Stored entries
::::

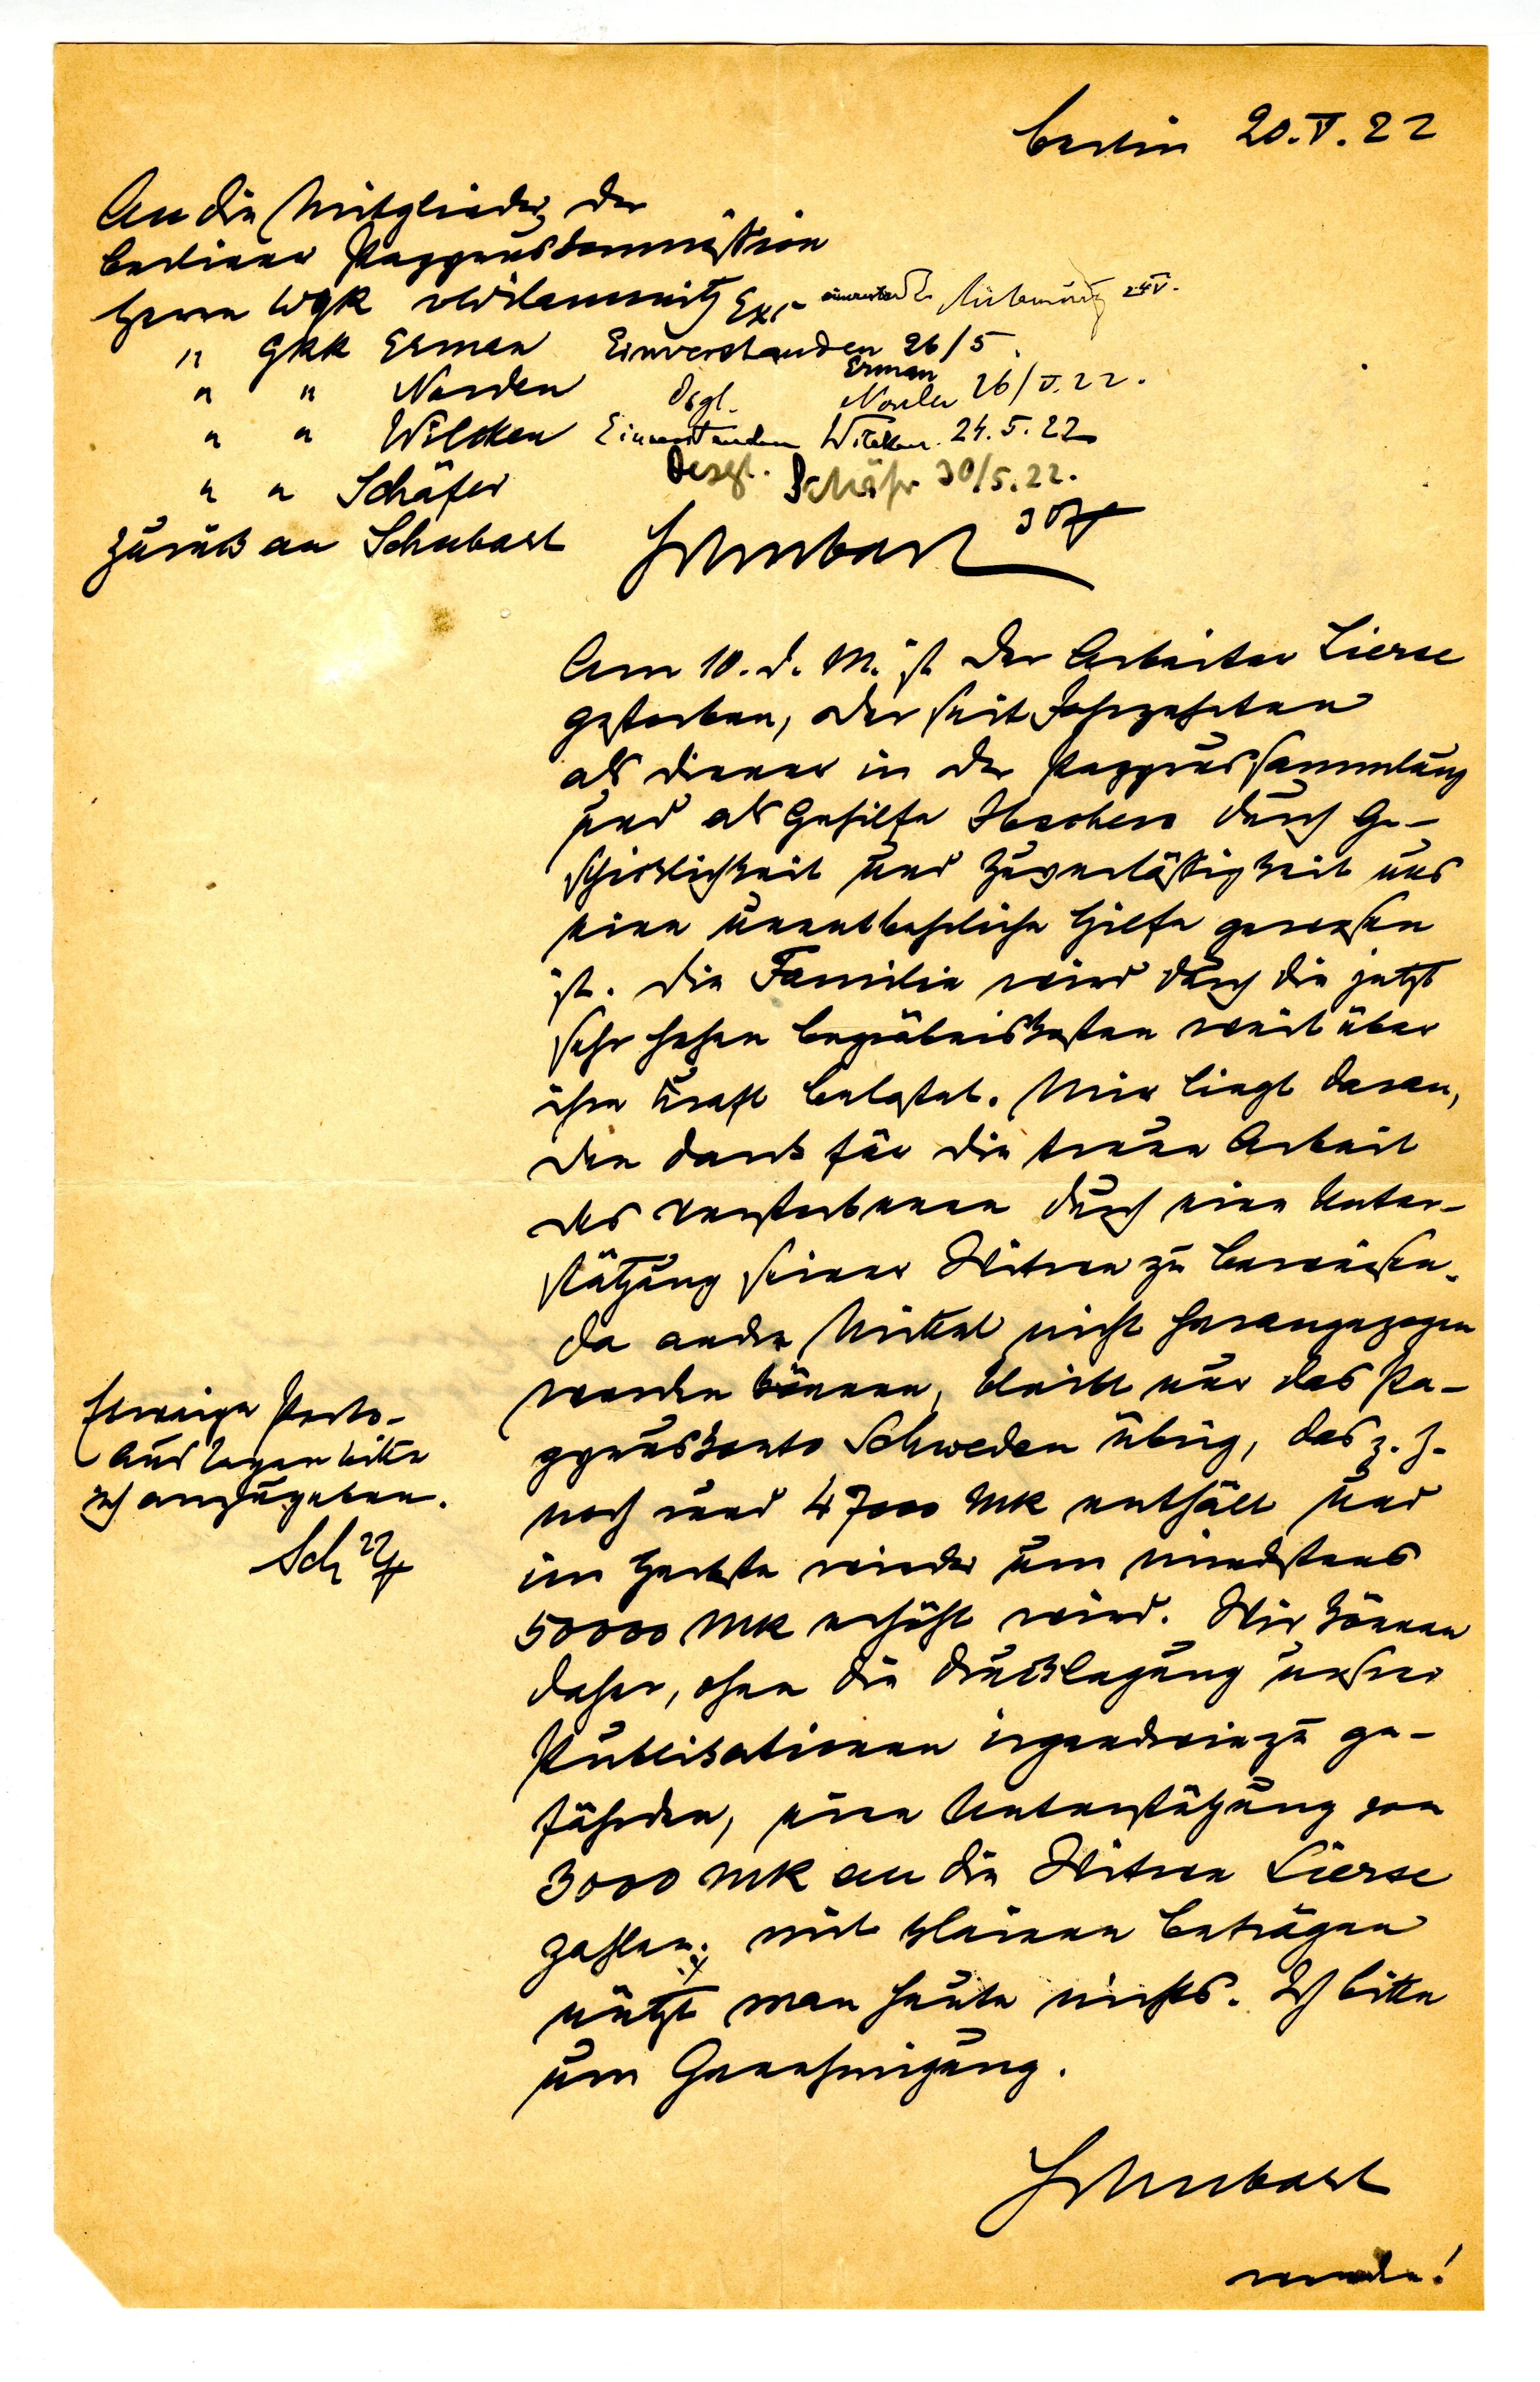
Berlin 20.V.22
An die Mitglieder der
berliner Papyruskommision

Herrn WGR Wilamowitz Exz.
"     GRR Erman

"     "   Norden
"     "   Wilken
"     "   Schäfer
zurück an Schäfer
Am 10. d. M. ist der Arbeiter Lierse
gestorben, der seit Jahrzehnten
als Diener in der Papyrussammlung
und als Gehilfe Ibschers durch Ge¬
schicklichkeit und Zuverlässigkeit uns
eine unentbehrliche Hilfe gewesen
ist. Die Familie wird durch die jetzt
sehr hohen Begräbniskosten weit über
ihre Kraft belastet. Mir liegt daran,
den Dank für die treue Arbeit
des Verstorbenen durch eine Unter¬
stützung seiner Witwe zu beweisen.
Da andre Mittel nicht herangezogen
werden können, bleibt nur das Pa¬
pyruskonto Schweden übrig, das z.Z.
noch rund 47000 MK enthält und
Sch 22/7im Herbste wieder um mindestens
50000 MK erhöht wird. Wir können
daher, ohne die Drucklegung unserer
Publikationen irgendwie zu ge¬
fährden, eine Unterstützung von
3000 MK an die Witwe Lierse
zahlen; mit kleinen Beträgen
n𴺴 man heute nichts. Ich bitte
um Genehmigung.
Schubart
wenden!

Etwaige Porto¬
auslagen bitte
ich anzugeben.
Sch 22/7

::::

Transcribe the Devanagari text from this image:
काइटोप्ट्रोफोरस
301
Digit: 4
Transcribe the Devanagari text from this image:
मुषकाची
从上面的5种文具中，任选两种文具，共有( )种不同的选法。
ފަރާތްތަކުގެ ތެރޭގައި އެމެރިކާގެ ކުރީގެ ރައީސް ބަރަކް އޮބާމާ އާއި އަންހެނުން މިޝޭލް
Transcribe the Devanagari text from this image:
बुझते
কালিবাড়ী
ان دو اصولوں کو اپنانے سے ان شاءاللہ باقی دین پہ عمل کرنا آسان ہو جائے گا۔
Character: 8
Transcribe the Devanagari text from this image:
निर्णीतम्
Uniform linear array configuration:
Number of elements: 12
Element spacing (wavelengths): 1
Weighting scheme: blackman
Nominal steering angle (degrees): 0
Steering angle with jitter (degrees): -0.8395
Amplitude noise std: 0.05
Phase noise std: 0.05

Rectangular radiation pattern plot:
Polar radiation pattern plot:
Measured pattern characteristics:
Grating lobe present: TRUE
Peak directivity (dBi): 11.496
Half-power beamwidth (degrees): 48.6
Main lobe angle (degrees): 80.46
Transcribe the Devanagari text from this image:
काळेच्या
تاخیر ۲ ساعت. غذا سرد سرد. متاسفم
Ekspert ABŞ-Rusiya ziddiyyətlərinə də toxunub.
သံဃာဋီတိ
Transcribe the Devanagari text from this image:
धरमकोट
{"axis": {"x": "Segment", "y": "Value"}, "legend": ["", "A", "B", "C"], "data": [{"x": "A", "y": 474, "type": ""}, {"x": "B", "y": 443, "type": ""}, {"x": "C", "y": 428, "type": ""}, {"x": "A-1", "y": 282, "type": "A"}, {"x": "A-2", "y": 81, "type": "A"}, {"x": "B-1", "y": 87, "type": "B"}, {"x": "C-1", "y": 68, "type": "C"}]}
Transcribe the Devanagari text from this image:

::::

When the entries above show the word "noise" in a line, copy that line out.

▶ **RESULT OF THIS EXERCISE**:
Amplitude noise std: 0.05
Phase noise std: 0.05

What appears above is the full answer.